INTRODUCTION

The management of the patient who has a history of penicillin allergy include skin testing to determine if penicillin-specific IgE antibodies exist, and desensitization if penicillin is the choice treatment1. Especially when no proven alternatives to penicillin are available for treating neurosyphilis, congenital syphilis, or syphilis in pregnant women and it is not possible choosing an alternative non betalactam antibiotic2.

We report a case of successful desensitization to penicillin in a pregnant woman with latent syphilis and penicillin allergy, where the first penicillin study was not positive, but the repetition of diagnosis test (reassessment) with the same betalactam reagents than in the first study two weeks later was positive, detecting allergic sensitization not detected previously.

CASE REPORT

We studied for a second time, a 30 year-old pregnant woman with latent syphilis (RPR positive, IgM ELISA positive and FTA Abs positive) and penicillin allergy. One year before was evaluated in our outpatient clinic because a history of immediate angioedema to penicillin when she was only two years old, resulting in a positive intradermal skin test to the minor determinant mixture reagent (wheal of 7 x 5 mm with a flare). She had a past history of previous aborts, nephritic colics and adverse reactions to Sulfonamides and Streptomycin.

This time, the patient underwent skin tests with standard concentrations of Penicilloylpolylysine (Allergopen®, Reinbek, Germany), Minor Determinant Mixture (Allergopen®) and Ampicillin, Amoxicilin, Cefazoline, Cefotaxime diluted in 0.9 % sodium chloride and used at concentrations of 20 mg/ml in prick method and 0.2 mg/ml and 2 mg/ml in intradermal method, with positive and negative controls. Specific IgE to penicilloyl G, penicilloyl V, ampicilloyl and amoxicilloyl (UniCAP specific IgE; Pharmacia, Uppsala, Sweden) were negative too (< 0.35 kU/l). Upon negative skin tests and specific IgE results, we performed single-blind, placebo-controlled oral challenge test in the hospital with oral potassium fenoximetilpenicillin. Increasing amounts (5 mg, 50 mg, 500 mg) of the therapeutic doses (555 mg = 880.000 IU), indicated in parentheses, were administered at 1-h intervals, with excellent tolerance. But owing to private problems the patient could not be admitted to the hospital and came back two weeks later.

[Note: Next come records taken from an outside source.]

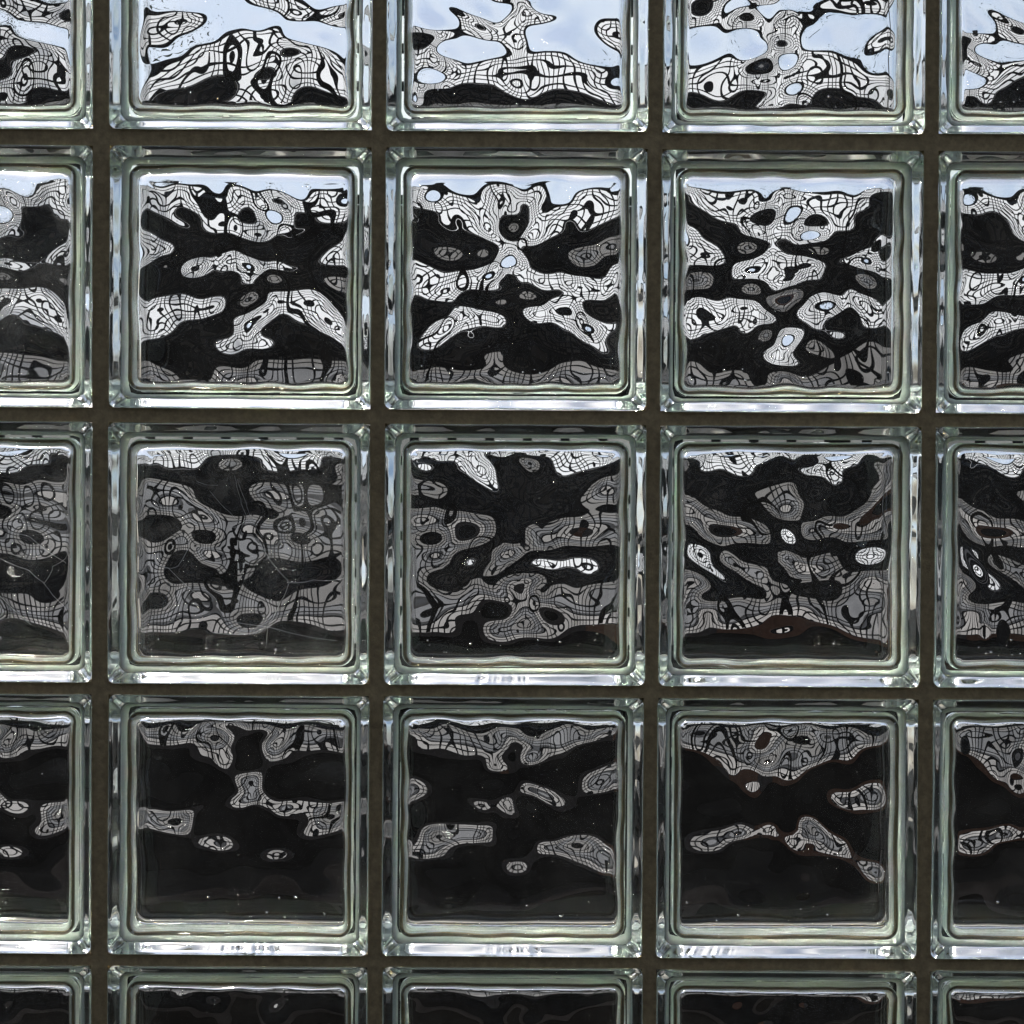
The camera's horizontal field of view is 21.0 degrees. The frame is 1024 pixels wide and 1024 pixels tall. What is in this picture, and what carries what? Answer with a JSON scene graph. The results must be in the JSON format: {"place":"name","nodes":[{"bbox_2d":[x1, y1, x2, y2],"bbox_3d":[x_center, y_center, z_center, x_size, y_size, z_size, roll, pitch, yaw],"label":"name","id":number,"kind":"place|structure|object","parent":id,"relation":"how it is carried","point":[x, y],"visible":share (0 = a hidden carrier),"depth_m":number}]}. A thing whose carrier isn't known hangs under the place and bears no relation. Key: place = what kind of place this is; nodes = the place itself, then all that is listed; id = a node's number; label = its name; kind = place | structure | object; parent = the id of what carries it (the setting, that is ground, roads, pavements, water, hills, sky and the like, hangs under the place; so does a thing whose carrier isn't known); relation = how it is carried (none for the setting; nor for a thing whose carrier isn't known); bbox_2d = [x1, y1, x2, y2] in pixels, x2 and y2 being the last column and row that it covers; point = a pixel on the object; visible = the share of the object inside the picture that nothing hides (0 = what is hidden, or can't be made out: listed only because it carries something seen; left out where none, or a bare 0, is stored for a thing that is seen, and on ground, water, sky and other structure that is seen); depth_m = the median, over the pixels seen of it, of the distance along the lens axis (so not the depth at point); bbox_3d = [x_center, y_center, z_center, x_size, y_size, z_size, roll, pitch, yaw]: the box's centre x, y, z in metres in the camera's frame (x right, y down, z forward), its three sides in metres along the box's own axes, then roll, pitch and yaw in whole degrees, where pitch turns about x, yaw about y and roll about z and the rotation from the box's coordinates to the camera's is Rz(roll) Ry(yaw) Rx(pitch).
{"place":"outdoors","nodes":[
{"label":"outdoors","id":0,"kind":"place"},
{"bbox_3d":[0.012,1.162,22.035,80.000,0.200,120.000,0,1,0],"label":"ground","id":1,"kind":"structure","parent":0,"visible":0},
{"bbox_3d":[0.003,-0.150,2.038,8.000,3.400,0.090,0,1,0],"label":"wall","id":2,"kind":"structure","parent":1,"relation":"on","visible":0},
{"bbox_2d":[0,0,1023,1023],"bbox_3d":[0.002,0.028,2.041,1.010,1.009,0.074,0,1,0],"label":"mortar joints","id":3,"kind":"object","parent":2,"relation":"attached to","point":[102,138],"visible":0.73,"depth_m":2.00},
{"bbox_2d":[0,693,91,953],"bbox_3d":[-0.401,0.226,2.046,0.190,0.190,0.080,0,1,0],"label":"glass block","id":4,"kind":"structure","parent":3,"relation":"in","point":[45,810],"depth_m":2.01},
{"bbox_2d":[0,965,91,1023],"bbox_3d":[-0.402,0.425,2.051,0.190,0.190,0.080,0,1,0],"label":"glass block","id":5,"kind":"structure","parent":3,"relation":"in","point":[45,994],"depth_m":2.01},
{"bbox_2d":[0,144,92,407],"bbox_3d":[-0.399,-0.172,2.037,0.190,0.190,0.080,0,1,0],"label":"glass block","id":6,"kind":"structure","parent":3,"relation":"attached to","point":[46,240],"depth_m":2.00},
{"bbox_2d":[0,421,92,682],"bbox_3d":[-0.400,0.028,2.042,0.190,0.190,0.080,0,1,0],"label":"glass block","id":7,"kind":"structure","parent":3,"relation":"attached to","point":[46,479],"depth_m":2.00},
{"bbox_2d":[0,0,92,128],"bbox_3d":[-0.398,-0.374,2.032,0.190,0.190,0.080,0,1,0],"label":"glass block","id":8,"kind":"structure","parent":3,"relation":"in","point":[46,64],"depth_m":1.99},
{"bbox_2d":[107,965,367,1023],"bbox_3d":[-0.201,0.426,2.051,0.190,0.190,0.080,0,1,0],"label":"glass block","id":9,"kind":"structure","parent":3,"relation":"in","point":[229,995],"depth_m":2.01},
{"bbox_2d":[107,694,369,955],"bbox_3d":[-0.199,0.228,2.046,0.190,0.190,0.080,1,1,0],"label":"glass block","id":10,"kind":"structure","parent":3,"relation":"attached to","point":[238,824],"depth_m":2.01},
{"bbox_2d":[108,422,369,684],"bbox_3d":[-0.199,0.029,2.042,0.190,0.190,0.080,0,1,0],"label":"glass block","id":11,"kind":"structure","parent":3,"relation":"in","point":[238,553],"depth_m":2.00},
{"bbox_2d":[109,145,371,409],"bbox_3d":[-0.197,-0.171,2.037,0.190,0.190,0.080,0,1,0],"label":"glass block","id":12,"kind":"structure","parent":3,"relation":"attached to","point":[239,277],"depth_m":2.00},
{"bbox_2d":[109,0,371,129],"bbox_3d":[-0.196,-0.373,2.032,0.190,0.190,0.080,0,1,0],"label":"glass block","id":13,"kind":"structure","parent":3,"relation":"in","point":[251,64],"depth_m":1.99},
{"bbox_2d":[381,696,643,957],"bbox_3d":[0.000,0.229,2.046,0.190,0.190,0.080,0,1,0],"label":"glass block","id":14,"kind":"structure","parent":3,"relation":"attached to","point":[512,826],"depth_m":2.01},
{"bbox_2d":[382,967,642,1023],"bbox_3d":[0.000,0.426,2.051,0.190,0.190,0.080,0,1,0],"label":"glass block","id":15,"kind":"structure","parent":3,"relation":"in","point":[463,995],"depth_m":2.01},
{"bbox_2d":[384,424,646,685],"bbox_3d":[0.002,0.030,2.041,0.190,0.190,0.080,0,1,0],"label":"glass block","id":16,"kind":"structure","parent":3,"relation":"in","point":[514,554],"depth_m":2.00},
{"bbox_2d":[384,147,647,410],"bbox_3d":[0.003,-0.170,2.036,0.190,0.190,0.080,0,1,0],"label":"glass block","id":17,"kind":"structure","parent":3,"relation":"attached to","point":[515,278],"depth_m":2.00},
{"bbox_2d":[386,0,648,131],"bbox_3d":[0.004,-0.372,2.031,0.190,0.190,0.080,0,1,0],"label":"glass block","id":18,"kind":"structure","parent":3,"relation":"in","point":[522,65],"depth_m":1.99},
{"bbox_2d":[656,969,916,1023],"bbox_3d":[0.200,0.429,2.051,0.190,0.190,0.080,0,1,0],"label":"glass block","id":19,"kind":"structure","parent":3,"relation":"in","point":[684,996],"depth_m":2.01},
{"bbox_2d":[656,698,917,958],"bbox_3d":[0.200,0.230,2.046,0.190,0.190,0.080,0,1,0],"label":"glass block","id":20,"kind":"structure","parent":3,"relation":"attached to","point":[786,828],"depth_m":2.01},
{"bbox_2d":[658,425,921,687],"bbox_3d":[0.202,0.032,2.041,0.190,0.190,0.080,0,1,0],"label":"glass block","id":21,"kind":"structure","parent":3,"relation":"attached to","point":[789,556],"depth_m":2.00},
{"bbox_2d":[660,150,923,412],"bbox_3d":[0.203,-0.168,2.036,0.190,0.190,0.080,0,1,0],"label":"glass block","id":22,"kind":"structure","parent":3,"relation":"attached to","point":[791,281],"depth_m":2.00},
{"bbox_2d":[662,0,925,133],"bbox_3d":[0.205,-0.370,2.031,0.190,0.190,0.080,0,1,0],"label":"glass block","id":23,"kind":"structure","parent":3,"relation":"attached to","point":[801,66],"depth_m":1.99},
{"bbox_2d":[930,699,1023,959],"bbox_3d":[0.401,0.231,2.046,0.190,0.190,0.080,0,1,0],"label":"glass block","id":24,"kind":"structure","parent":3,"relation":"in","point":[977,879],"depth_m":2.01},
{"bbox_2d":[930,970,1023,1023],"bbox_3d":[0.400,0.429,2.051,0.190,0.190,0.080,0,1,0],"label":"glass block","id":25,"kind":"structure","parent":3,"relation":"in","point":[976,996],"depth_m":2.01},
{"bbox_2d":[933,426,1023,687],"bbox_3d":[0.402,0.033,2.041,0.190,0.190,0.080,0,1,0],"label":"glass block","id":26,"kind":"structure","parent":3,"relation":"attached to","point":[979,571],"depth_m":2.00},
{"bbox_2d":[936,151,1023,413],"bbox_3d":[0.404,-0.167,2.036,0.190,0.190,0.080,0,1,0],"label":"glass block","id":27,"kind":"structure","parent":3,"relation":"in","point":[980,319],"depth_m":2.00},
{"bbox_2d":[939,0,1023,133],"bbox_3d":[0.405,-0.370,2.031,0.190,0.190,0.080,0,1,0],"label":"glass block","id":28,"kind":"structure","parent":3,"relation":"attached to","point":[981,66],"depth_m":1.99}
]}

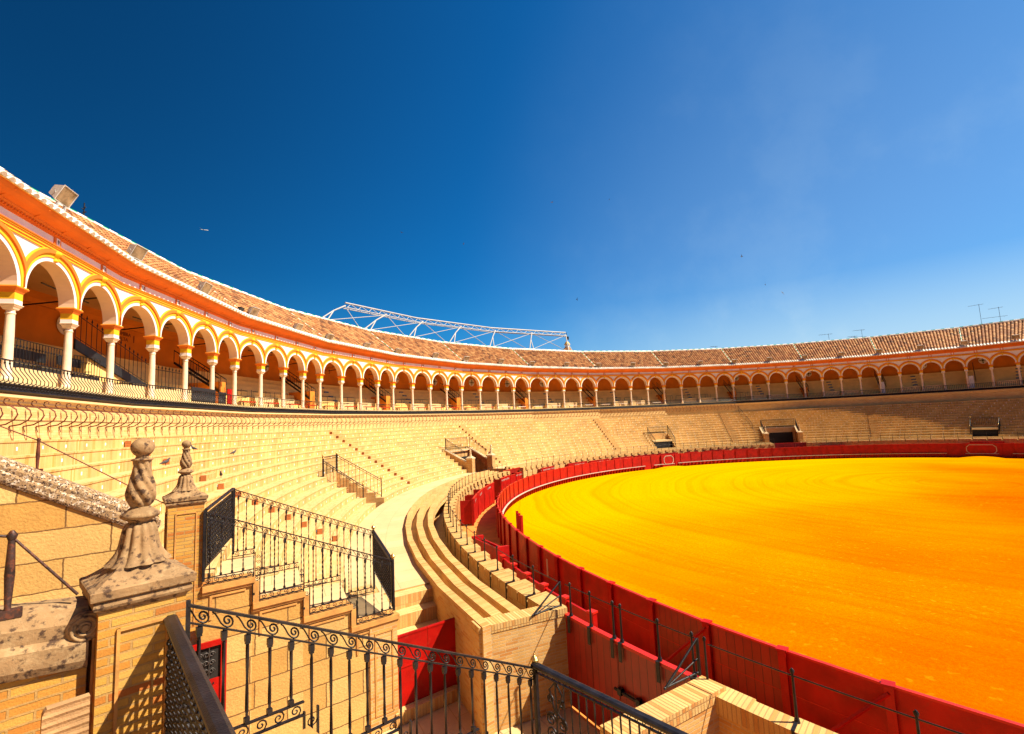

As we were not confidence with the result of the tolerance test we performed a second skin tests with the same reagents (reassessment) with positive results to Penicilloylpolylysine, Minor Determinant Mixture, Ampicillin, Amoxicillin, Cefazolin and Cefotaxime (table I), but negative specific IgE to reagents above mentioned.

So therefore and after obtaining written, informed consent the patient was proposed to desensitization. Doses of 500, 5000 and 40000 IU of fenoximetilpenicillin was prepared. The specific amount of drug was diluted in 30 mL of water and administered orally with 15 minutes interval between doses, and elapsed time 4 hours and cumulative dose, 1.288.000 units. The patient was treated with 2.400.000 UI of Penicillin G i.v. every 4 hours during 10 days. The patient was admitted in ICU and monitorizaded during all the procedure, including the first two i.v. doses of penicillin. No reactions were observed during the desensitization protocol and treatment.

A follow up study was done one year later with new skin tests with the same reagents and positive results to Penicilloylpolylysine, Minor Determinant Mixture, and Ampicillin, but negative to Amoxicillin, Cefazolin and Cefotaxime. Specific IgE was again negative. By the second year all the tests were negative, including skin and serologic tests, challenge test and a new reassessment.

After oral controlled administration of penicillin in patients with skin tests and RAST negative, repetition of diagnostic tests (reassessment) with betalactam reagents two to four weeks after initial evaluation can be of value to detect allergic sensitization not detected at the previous examination3-5.

DISCUSSION

Detection of IgE antibodies in the skin or serum depend on the time interval between the reaction and the study, because skin test sensitivity decrease with time6. This loss of sensitivity varies individually, but no sufficient studies have been carried out to examine it. The reason for the variability in the skin test response may be genetic or environmental because uncontrolled or hidden contact with betalactams antibiotics can occur, which could maintain sensitization7.

Allergic diseases are unpredictable more, less severe, or unchanged in pregnant women8. Little specific information is available concerning the relative susceptibility of pregnant women to anaphylaxis or acute desensitisation9. This case demonstrates that in a patient allergic to penicillin, in whom there is a vital indication to administer this compound, the drug can be given safely after tolerance induction or desensitization.